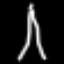
Label: The Eiffel Tower
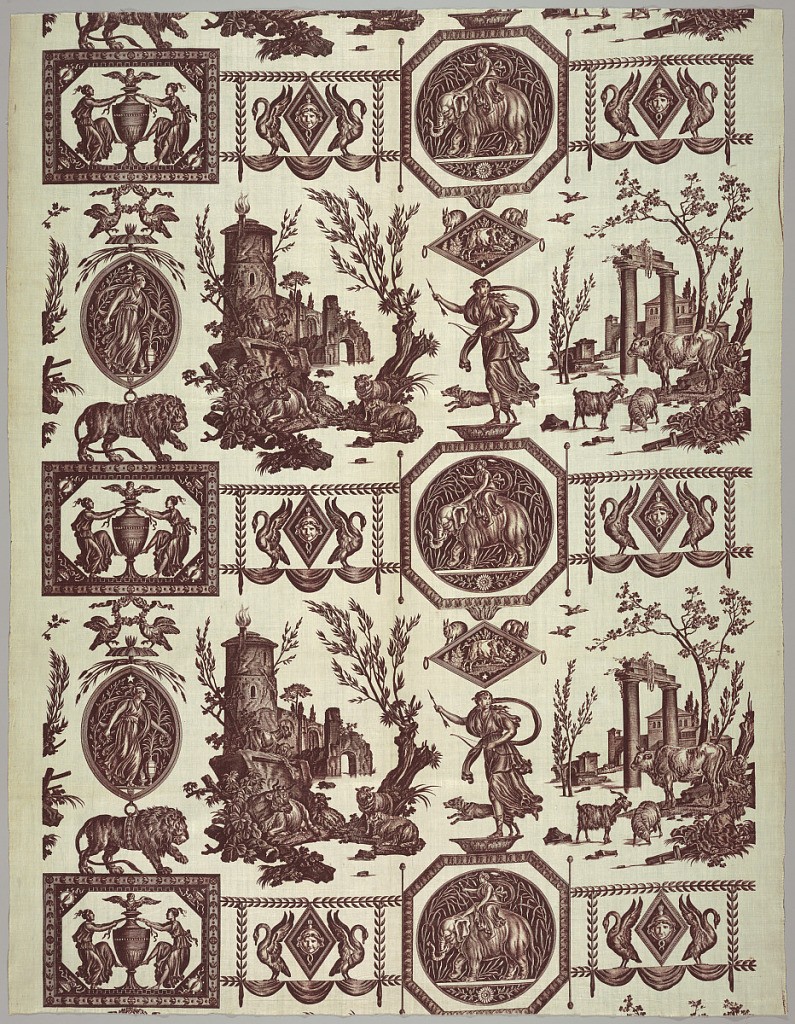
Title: Textile
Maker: Jean-Baptiste Huet, French, 1745 – 1811
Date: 1802
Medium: cotton Technique: printed by engraved plate on plain weave
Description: Classical figures and medallions containing classical figures, motifs, and ruins in a landscape arranged in horizontal bands. Diana the Huntress is the most prominent figure.
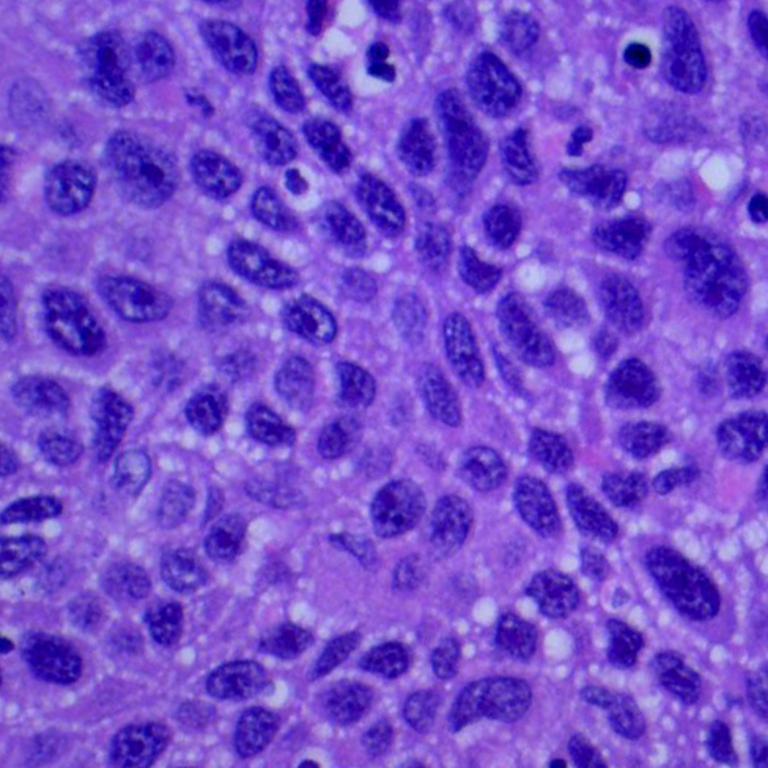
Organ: lung
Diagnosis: squamous carcinomas

..........

**Work order**
Please write out the lines above exactly, from the one that contains "Title: Textile" through the final line, and include none of the pictures.

**Answer area**
Title: Textile
Maker: Jean-Baptiste Huet, French, 1745 – 1811
Date: 1802
Medium: cotton Technique: printed by engraved plate on plain weave
Description: Classical figures and medallions containing classical figures, motifs, and ruins in a landscape arranged in horizontal bands. Diana the Huntress is the most prominent figure.
Organ: lung
Diagnosis: squamous carcinomas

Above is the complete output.